CDC Cyber - Cyber 70 and 170 Series

Cyber 70 and 170 Series

The Cyber 70 and 170 architectures were successors to the earlier CDC 6600 and CDC 7600 series and therefore shared almost all of the earlier architecture's characteristics. The Cyber-70 series was a minor upgrade from the earlier systems. The Cyber-170 series represented CDCs move from discrete electronic components and core memory to integrated circuits and semiconductor memory. The Cyber-170/700 series was a late-1970s refresh of the Cyber-170 line.

The central processor (CPU) and central memory (CM) operated in units of 60-bit words. In CDC lingo, the term "byte" referred to 12-bit entities (which coincided with the word size used by the peripheral processors). Characters were six bits, operation codes were six bits, and central memory addresses were 18 bits. Central processor instructions were either 15 bits or 30 bits. The 18-bit addressing inherent to the Cyber 170 series imposed a limit of 262,144 (256K) words of main memory, which was semiconductor memory in this series. The central processor had no I/O instructions, relying upon the peripheral processor (PP) units to do I/O.

A Cyber 170-series system consisted of one or two CPUs that ran at either 25 or 40 MHz, and was equipped with 10, 14, 17, or 20 peripheral processors (PP), and up to 24 high-performance channels for high-speed I/O. Due to the relatively slow memory reference times of the CPU (in some models, memory reference instructions were slower than floating point divides), the higher end CPUs (e.g., Cyber-74, Cyber-76, Cyber-175, and Cyber-176) were equipped with 8 or 12 words of high-speed memory used as an instruction cache. Any loop that fit into the cache (which was usually called in-stack) would run without referencing main memory for instruction fetch. The lower-end models did not contain an instruction stack. However since up to four instructions were packed into each 60-bit word, some degree of prefetching was inherent in the design.

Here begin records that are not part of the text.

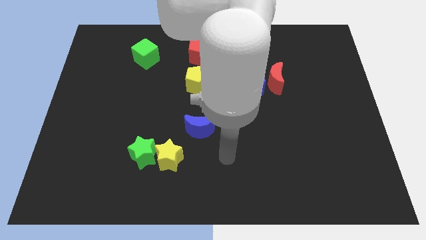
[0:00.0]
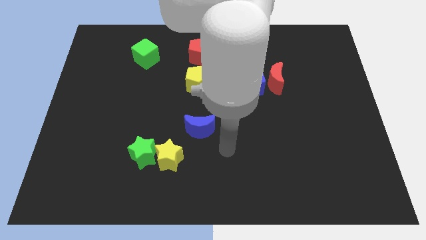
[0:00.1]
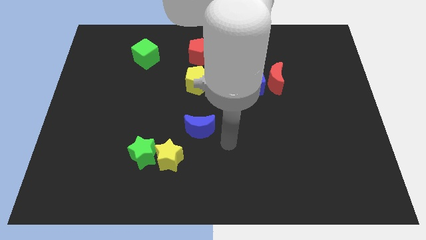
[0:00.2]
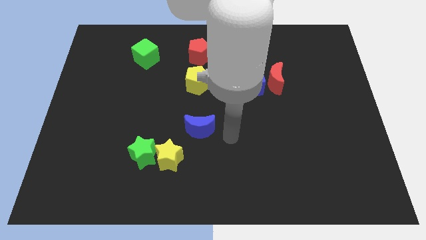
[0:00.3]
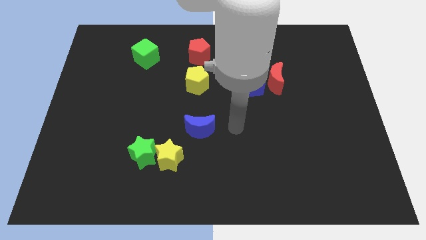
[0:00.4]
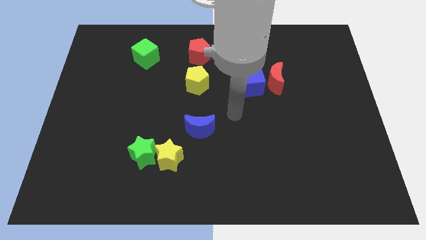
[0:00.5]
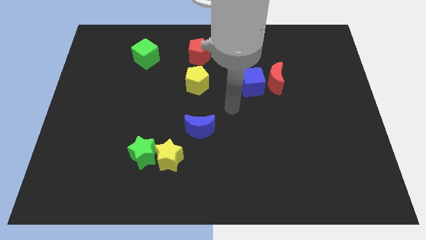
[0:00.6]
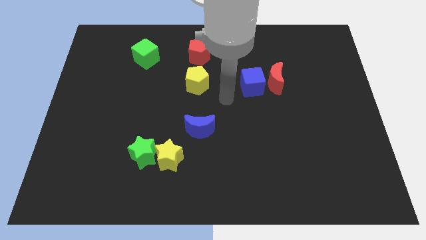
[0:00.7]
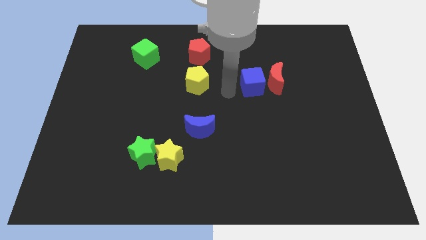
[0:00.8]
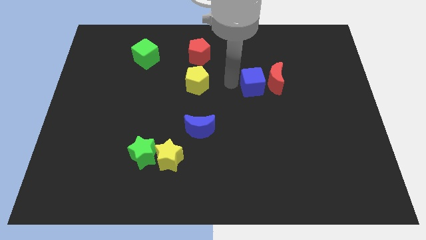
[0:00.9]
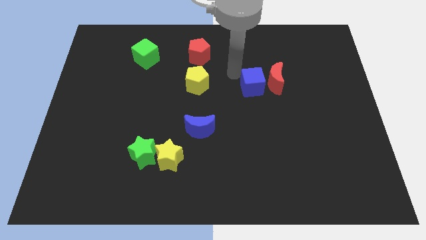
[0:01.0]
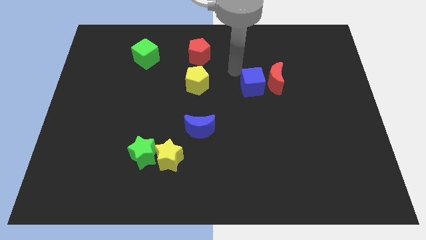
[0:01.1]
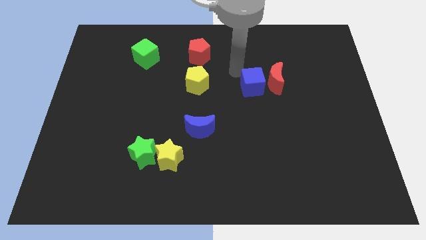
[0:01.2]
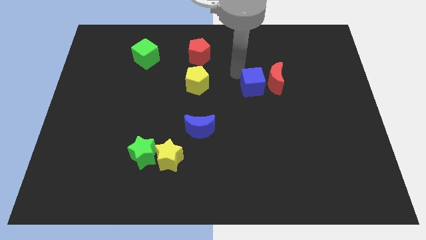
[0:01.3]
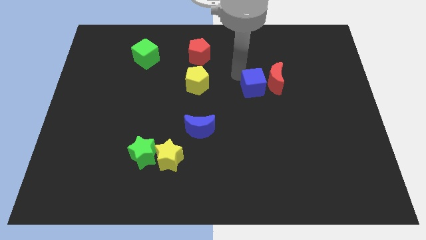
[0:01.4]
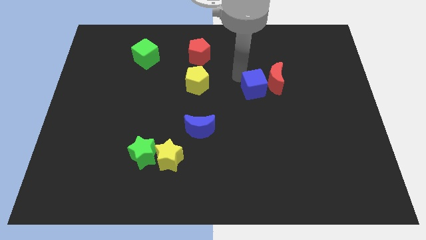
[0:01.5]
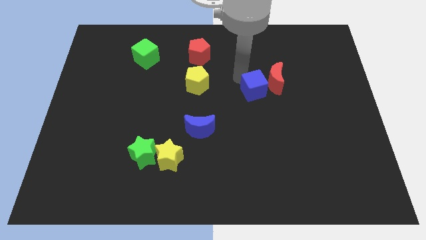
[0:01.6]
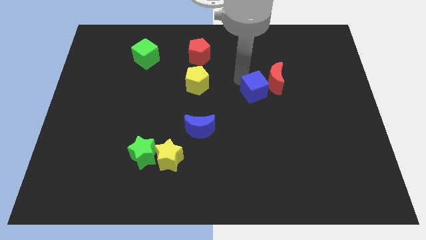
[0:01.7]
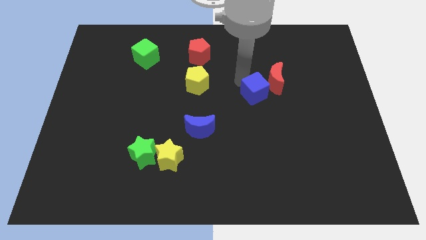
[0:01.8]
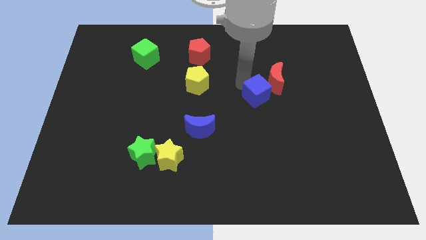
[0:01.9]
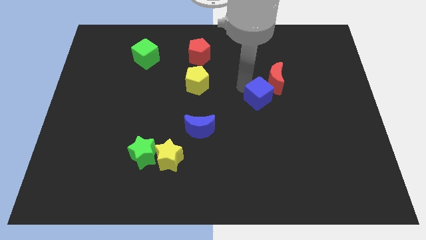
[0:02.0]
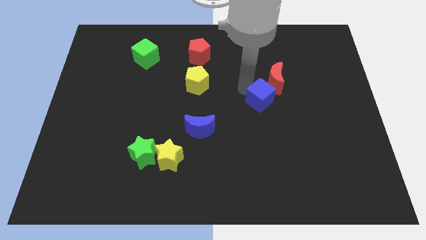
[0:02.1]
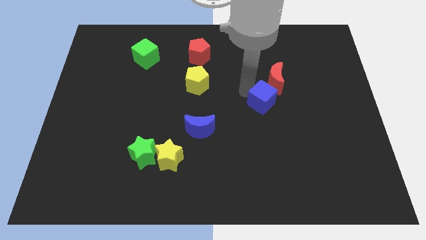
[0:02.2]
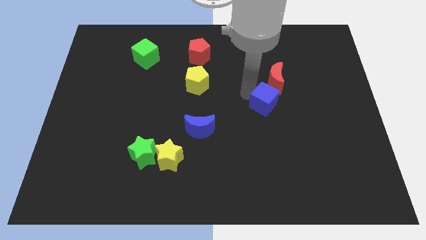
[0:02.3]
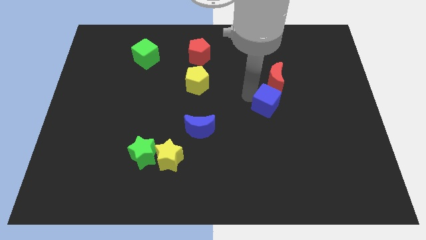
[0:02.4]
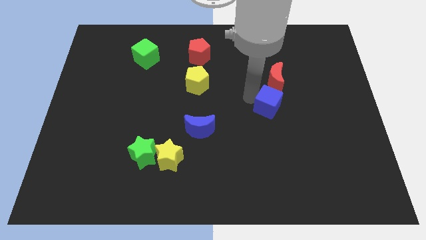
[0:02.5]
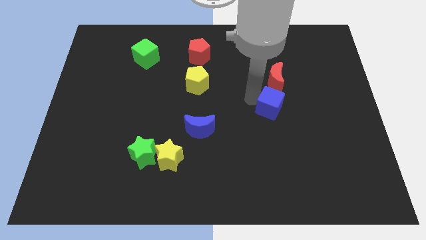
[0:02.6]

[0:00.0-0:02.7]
slightly push the blue cube diagonally down and to the right

As with predecessor systems, the Cyber 170 series had eight 18-bit address registers (A0 through A7), eight 18-bit index registers (B0 through B7), and eight 60-bit operand registers (X0 through X7). Seven of the A registers were tied to their corresponding X register. Setting A1 through A5 read that address and fetched it into the corresponding X1 through X5 register. Likewise, setting register A6 or A7 wrote the corresponding X6 or X7 register to central memory at the address written to the A register. A0 was effectively a scratch register.

The higher end CPUs consisted of multiple functional units (e.g., shift, increment, floating add) which allowed some degree of parallel execution of instructions. This parallelism allowed assembly programmers to minimize the effects of the system's slow memory fetch time by pre-fetching data from central memory well before that data was needed. By interleaving independent instructions between the memory fetch instruction and the instructions manipulating the fetched operand, the time occupied by the memory fetch could be used for other computation. With this technique, coupled with the handcrafting of tight loops that fit within the instruction stack, a skilled Cyber assembly programmer could write extremely efficient code that made the most of the power of the hardware.

The peripheral processor subsystem used a technique known as barrel and slot to share the execution unit; each PP had its own memory and registers, but the processor (the slot) itself executed one instruction from each PP in turn (the barrel). This is a crude form of hardware multiprogramming. The peripheral processors had 4096 bytes of 12-bit memory words and an 18-bit accumulator register. Each PP had access to all I/O channels and all of the system's central memory (CM) in addition to the PP's own memory. The PP instruction set lacked, for example, extensive arithmetic capabilities and did not run user code; the peripheral processor subsystem's purpose was to process I/O and thereby free the more powerful central processor unit(s) to running user computations.

A feature of the 'lower Cyber' CPUs was the Compare Move Unit (CMU). It provided four additional instructions intended to aid text processing applications. In an unusual departure from the rest of the 15- and 30-bit instructions, these were 60-bit instructions (3 actually used all 60 bits, the other used 30 bits, but its alignment required 60 bits to be used). The instructions were move a short string, move a long string, compare strings, and compare a collated string. They operated on 6-bit fields (numbered 1 through 10) in central memory. For example, a single instruction could specify "move the 72 character string starting at word 1000 character 3 to location 2000 character 9". The CMU hardware was not included in the higher-end Cyber CPUs, because handcoded loops could run as fast or faster than the CMU instructions.

Later systems typically ran CDC's NOS (Network Operating System). Version 1 of NOS continued to be updated until about 1981; NOS version 2 was released early 1982. Besides NOS, the only other operating systems commonly used on the 170 series was NOS/BE or its predecessor SCOPE, a product of CDC's Sunnyvale division. These operating systems provided time sharing of batch and interactive applications. The predecessor to NOS was Kronos which was in common use up until 1975 or so. Due to the strong dependency of developed applications on the particular installation's character set, many installations chose to run the older operating systems than convert their applications. Other installations would patch newer versions of the operating system to use the older character set to maintain application compatibility.